Data for this exercise:
-----
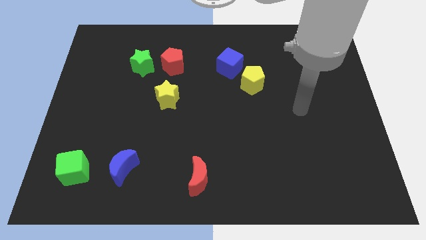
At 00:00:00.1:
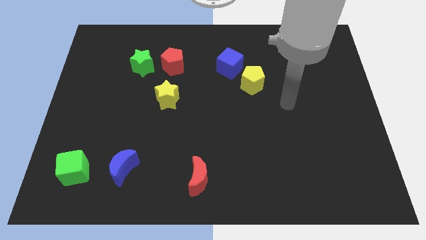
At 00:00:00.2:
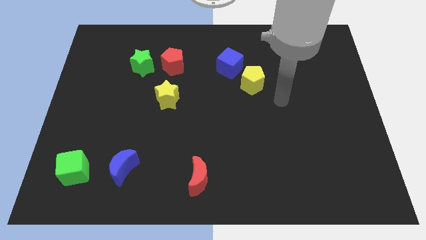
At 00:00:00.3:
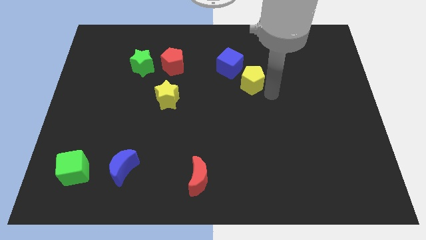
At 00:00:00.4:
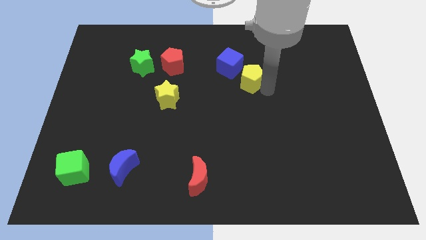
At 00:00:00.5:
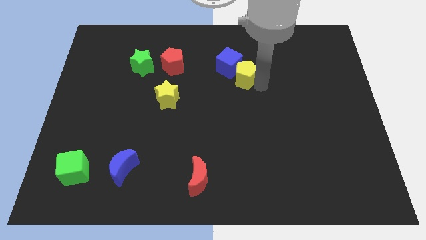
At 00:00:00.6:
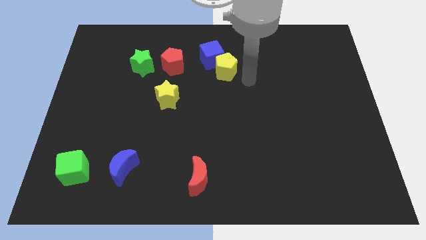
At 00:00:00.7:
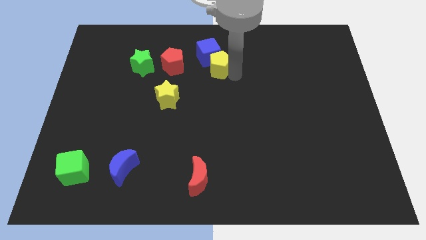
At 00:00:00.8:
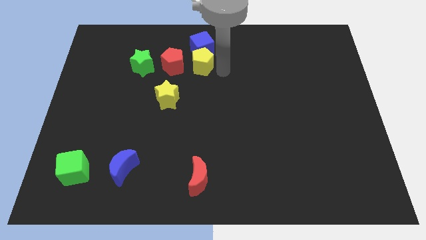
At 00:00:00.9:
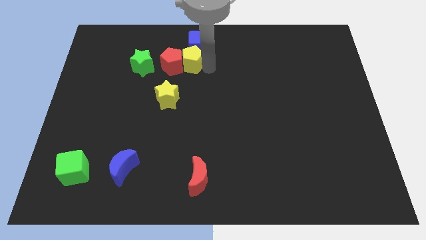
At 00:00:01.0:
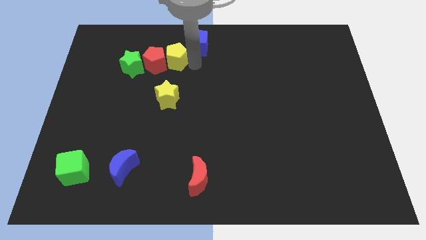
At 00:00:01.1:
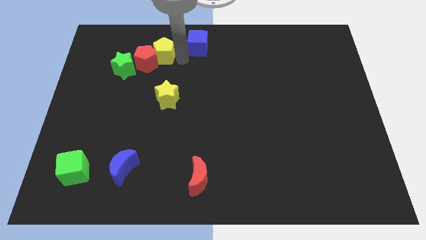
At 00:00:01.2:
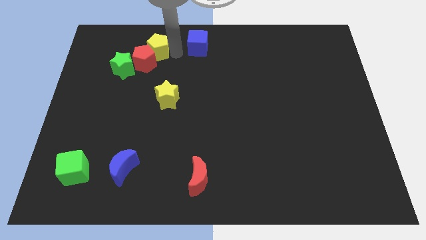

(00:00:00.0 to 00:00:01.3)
pull the blue cube apart from the yellow pentagon
-----
Work required: Restate all of the material above word for word, excluding the pictures.

Solution to this problem:
At 00:00:00.1:
At 00:00:00.2:
At 00:00:00.3:
At 00:00:00.4:
At 00:00:00.5:
At 00:00:00.6:
At 00:00:00.7:
At 00:00:00.8:
At 00:00:00.9:
At 00:00:01.0:
At 00:00:01.1:
At 00:00:01.2:

(00:00:00.0 to 00:00:01.3)
pull the blue cube apart from the yellow pentagon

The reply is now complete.